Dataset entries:
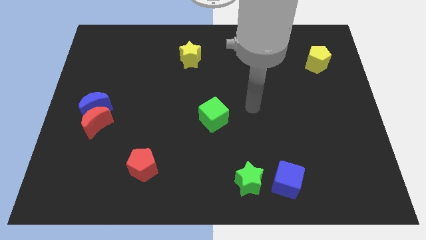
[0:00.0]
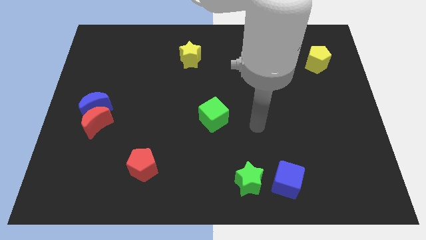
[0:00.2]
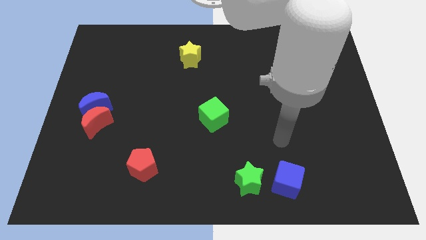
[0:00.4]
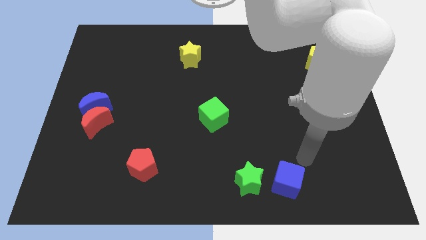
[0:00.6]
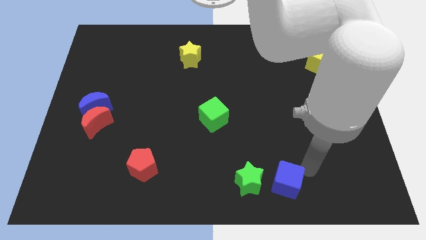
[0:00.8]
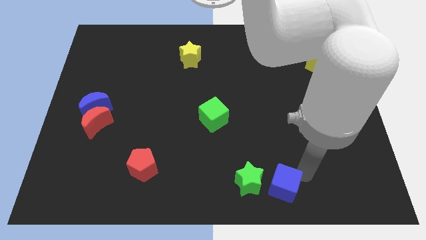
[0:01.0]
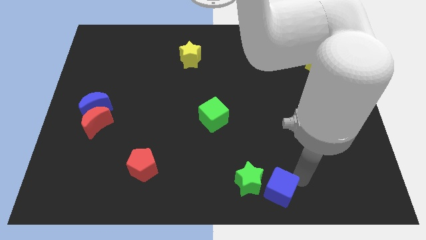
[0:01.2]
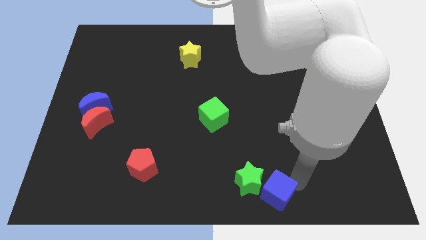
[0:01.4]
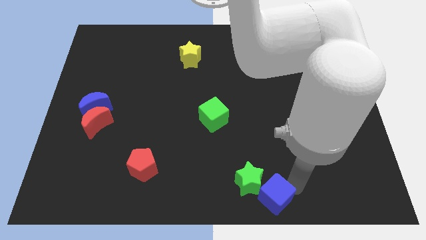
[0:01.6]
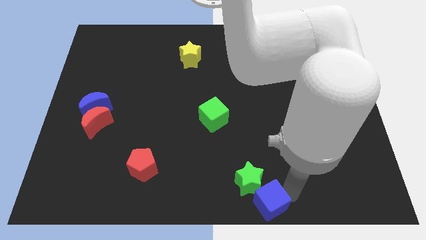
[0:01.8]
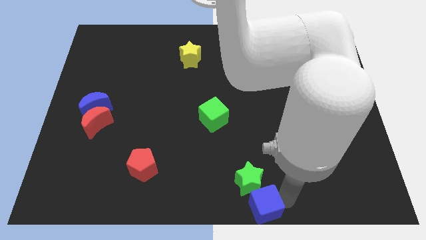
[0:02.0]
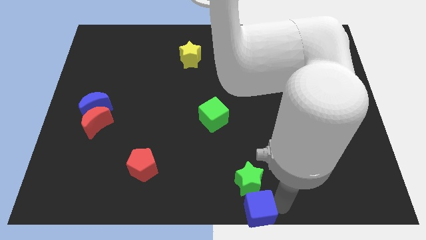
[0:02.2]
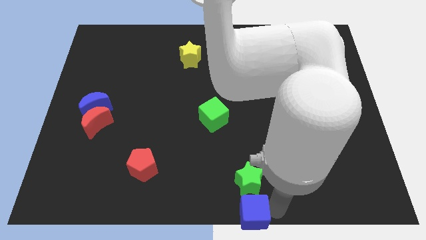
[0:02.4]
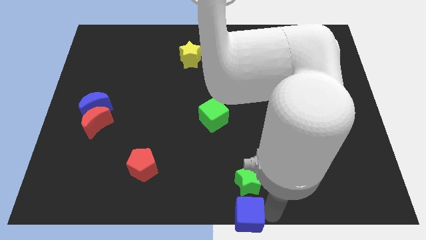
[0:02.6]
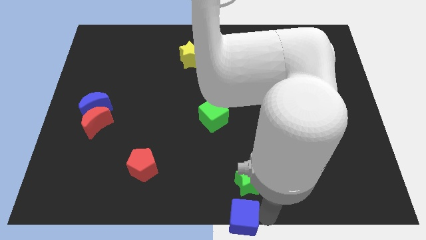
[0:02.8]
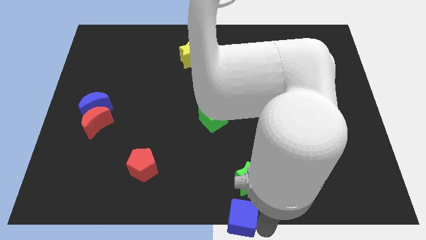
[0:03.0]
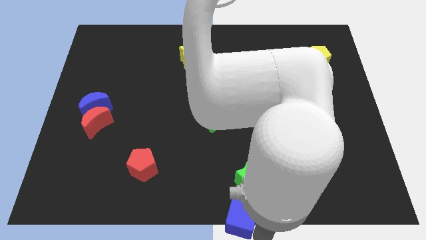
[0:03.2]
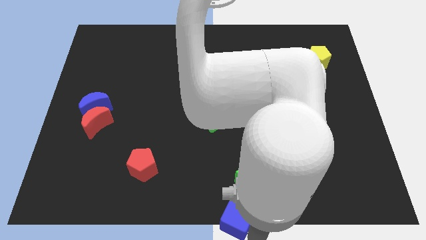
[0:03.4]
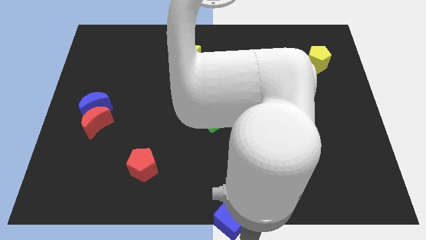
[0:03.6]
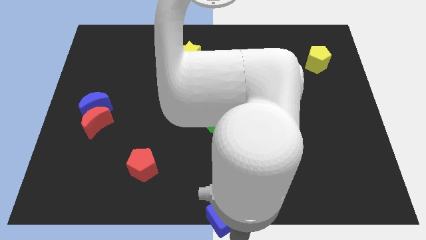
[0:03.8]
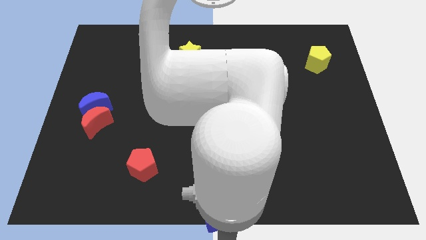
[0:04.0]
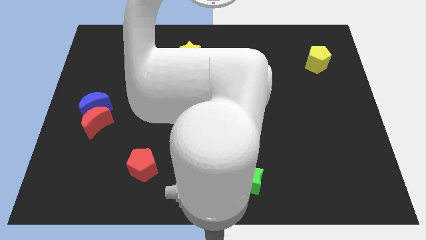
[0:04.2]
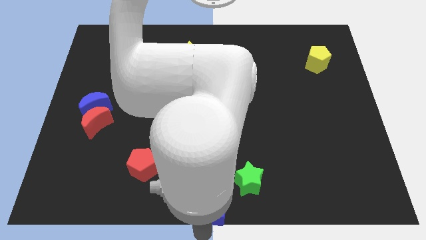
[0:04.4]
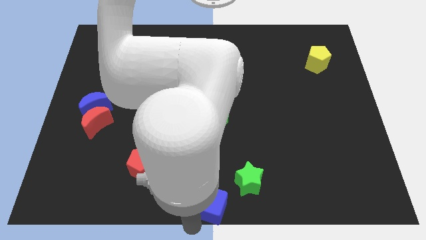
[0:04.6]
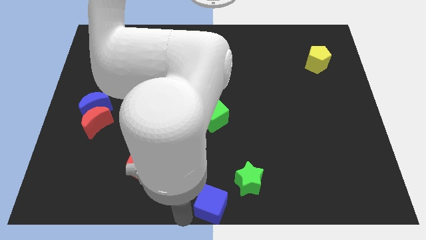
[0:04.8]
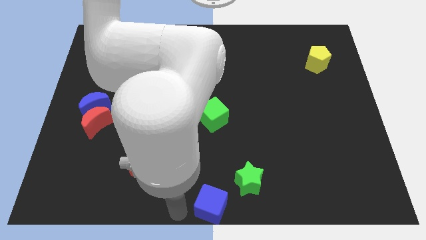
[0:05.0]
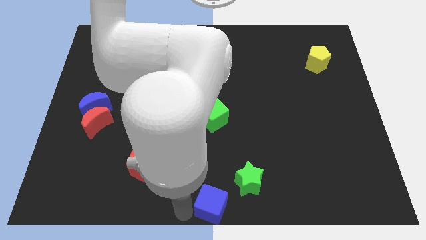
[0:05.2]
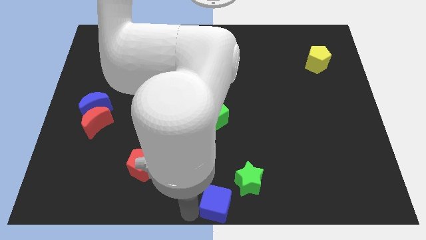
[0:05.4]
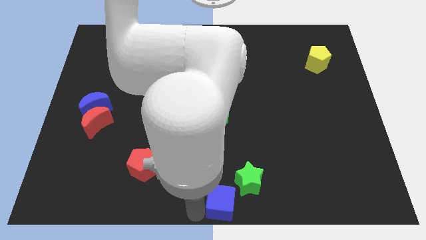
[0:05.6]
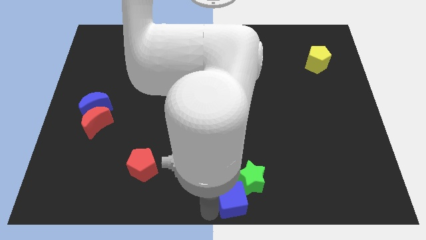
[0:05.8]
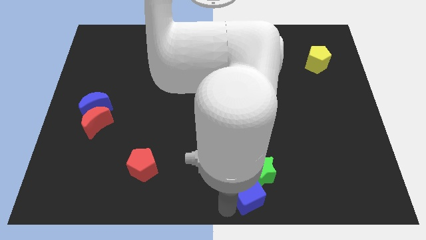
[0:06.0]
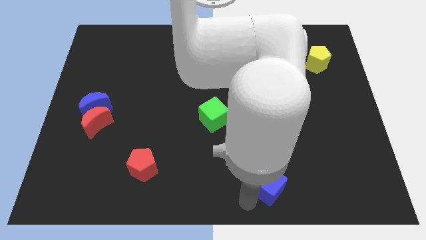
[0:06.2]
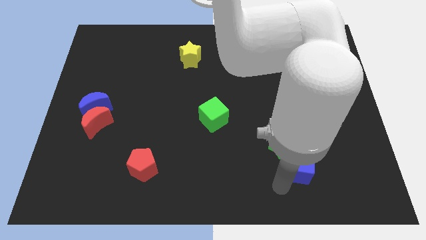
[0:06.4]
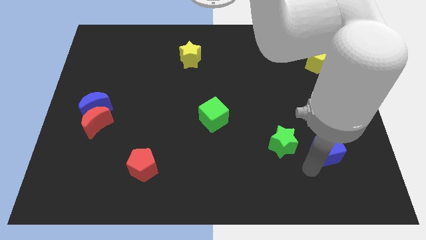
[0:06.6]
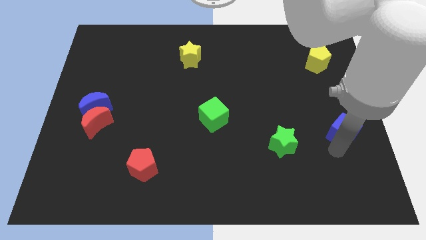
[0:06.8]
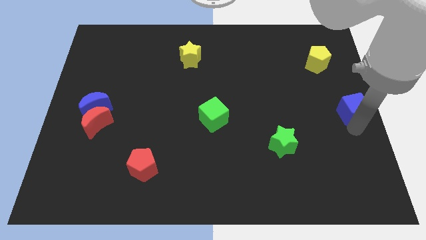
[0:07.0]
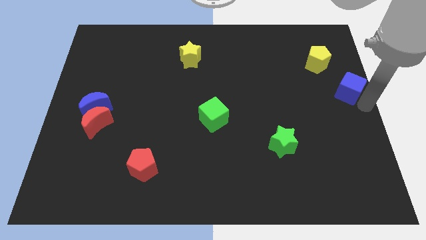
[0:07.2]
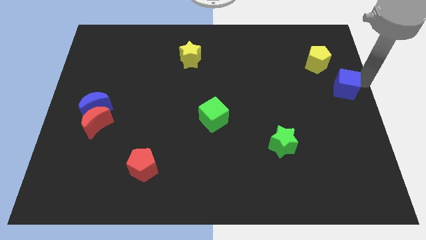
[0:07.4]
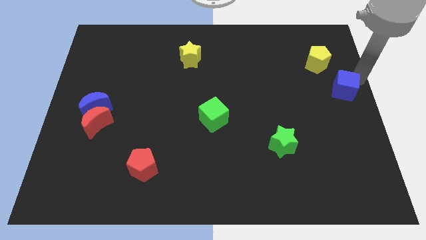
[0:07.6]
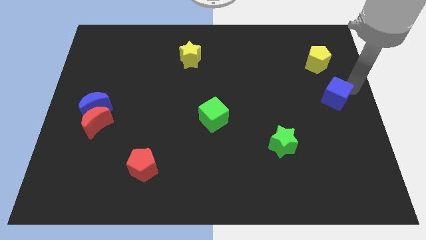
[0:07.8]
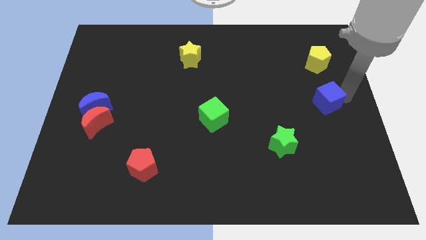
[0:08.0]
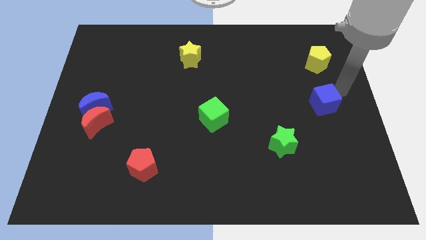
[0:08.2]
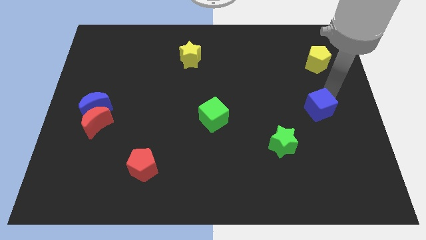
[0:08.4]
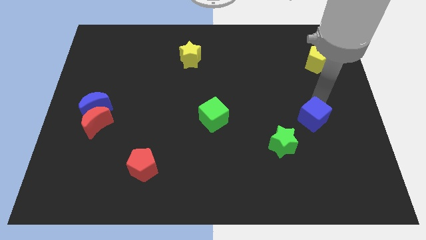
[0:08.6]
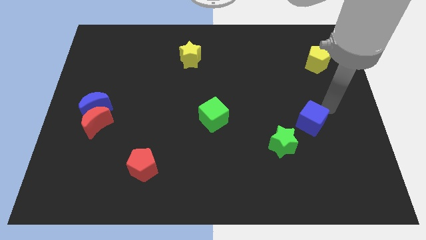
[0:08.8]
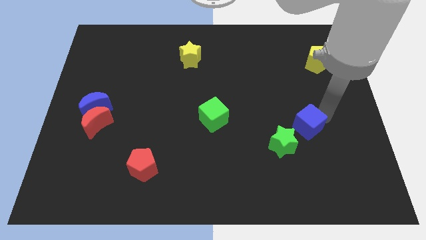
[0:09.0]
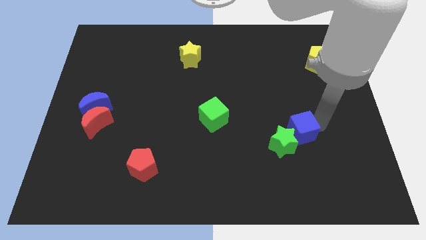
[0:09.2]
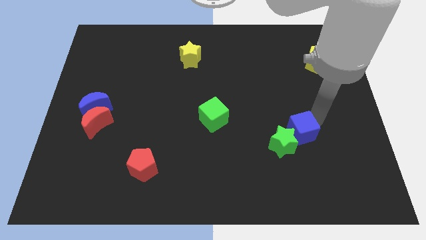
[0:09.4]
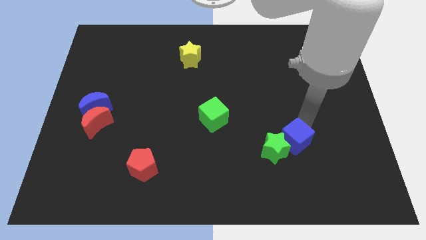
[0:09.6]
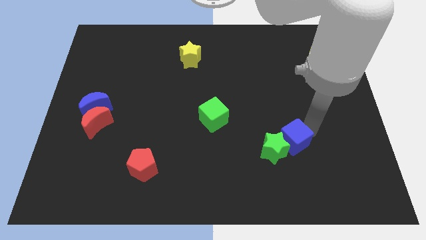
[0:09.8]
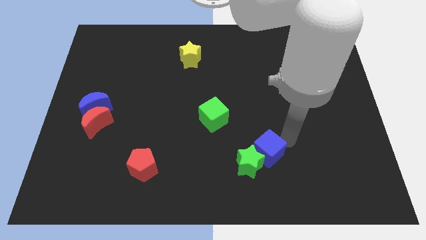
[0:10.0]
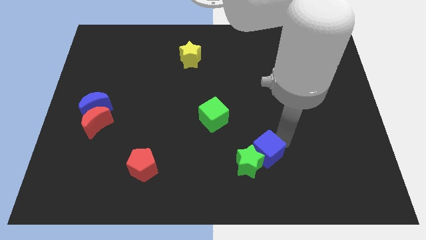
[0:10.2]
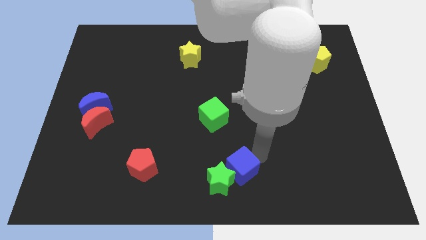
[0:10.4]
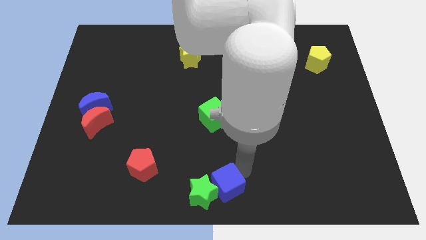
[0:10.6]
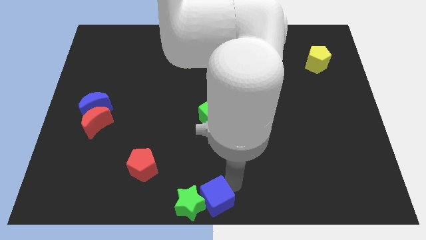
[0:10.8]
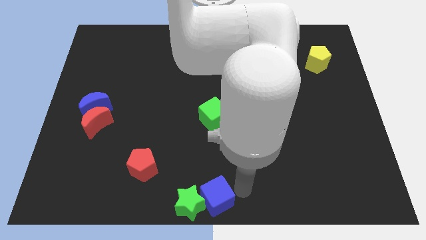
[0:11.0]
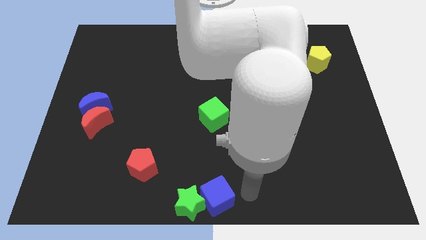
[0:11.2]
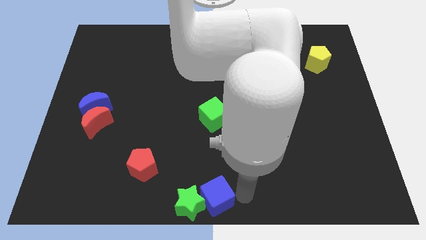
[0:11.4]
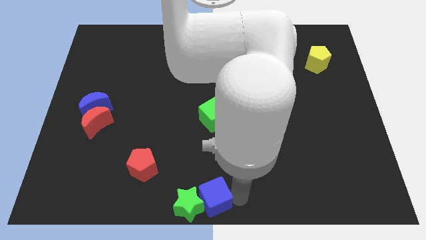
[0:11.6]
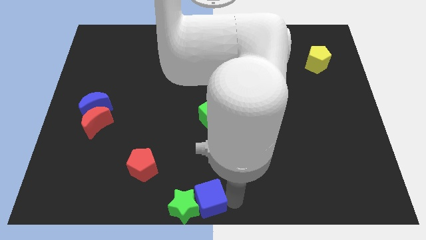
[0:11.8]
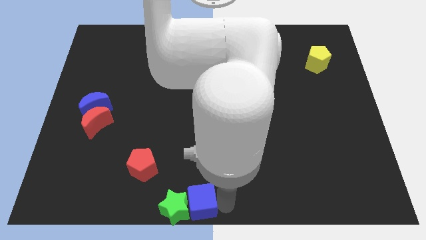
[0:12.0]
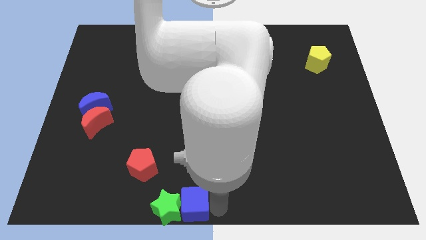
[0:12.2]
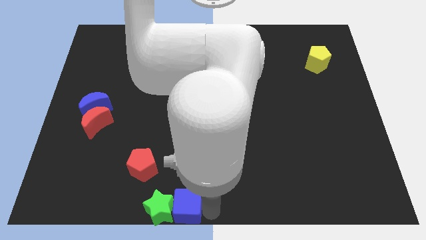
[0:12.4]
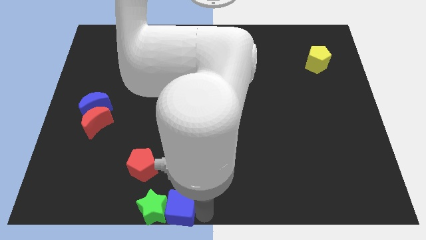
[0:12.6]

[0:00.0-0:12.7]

**TASK DETAILS**
Give all the entries again exactly, dropping each picture.

**ANSWER TO THE EXERCISE**
[0:00.0]
[0:00.2]
[0:00.4]
[0:00.6]
[0:00.8]
[0:01.0]
[0:01.2]
[0:01.4]
[0:01.6]
[0:01.8]
[0:02.0]
[0:02.2]
[0:02.4]
[0:02.6]
[0:02.8]
[0:03.0]
[0:03.2]
[0:03.4]
[0:03.6]
[0:03.8]
[0:04.0]
[0:04.2]
[0:04.4]
[0:04.6]
[0:04.8]
[0:05.0]
[0:05.2]
[0:05.4]
[0:05.6]
[0:05.8]
[0:06.0]
[0:06.2]
[0:06.4]
[0:06.6]
[0:06.8]
[0:07.0]
[0:07.2]
[0:07.4]
[0:07.6]
[0:07.8]
[0:08.0]
[0:08.2]
[0:08.4]
[0:08.6]
[0:08.8]
[0:09.0]
[0:09.2]
[0:09.4]
[0:09.6]
[0:09.8]
[0:10.0]
[0:10.2]
[0:10.4]
[0:10.6]
[0:10.8]
[0:11.0]
[0:11.2]
[0:11.4]
[0:11.6]
[0:11.8]
[0:12.0]
[0:12.2]
[0:12.4]
[0:12.6]

[0:00.0-0:12.7]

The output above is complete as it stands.